Lebih masuk ke dalam tempat kejadian, sayup-sayup suara lagu terdengar. Ternyata sebuah stasiun TV sedang mengadakan acara untuk menghibur masyarakat Situ Gintung. Acara sederhana tersebut dilaksanakan di kawasan perumahan warga yang telah rata tersapu oleh gelombang air dari waduk Situ Gintung. Aku merasa senang dengan diadakannya acara tersebut karena merupakan salah satu cara untuk menghilangkan trauma dari masyarakat (trauma healing).

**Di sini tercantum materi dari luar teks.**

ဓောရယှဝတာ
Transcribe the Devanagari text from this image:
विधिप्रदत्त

kegiatan kami selama tiga hari dua malam di wilayah pengungsian ini  diantara adalah membantu relawan PKPU membersihkan rumah warga yang tertutup lumpur, memberikan pelayanan obat gratis bersama Telkomsel Peduli, dan trauma healing bersama BSMI. Selain itu, kami juga membantu relawan PKPU membagikan kornet, pakaian, serta sembako untuk masyarakat  korban bencana. Semua kegiatan dilakukan dalam beberapa tim agar pengerjaannya efektif.  Aku tergabung dalam kelompok yang membersihkan rumah warga yang tertutup lumpur. Dengan menggunakan sekop, selang air, dan ember, satu demi satu rumah terlihat bersih. sungguh, merupakan suatu keajaiban! Pada salah satu rumah yang penuh dengan lumpur tersebut kami menemukan Al-Qur’an yang masih dalam keadaan baik diantara barang-barang yang sudah tidak jelas bentuk rupanya.  Allahuakbar!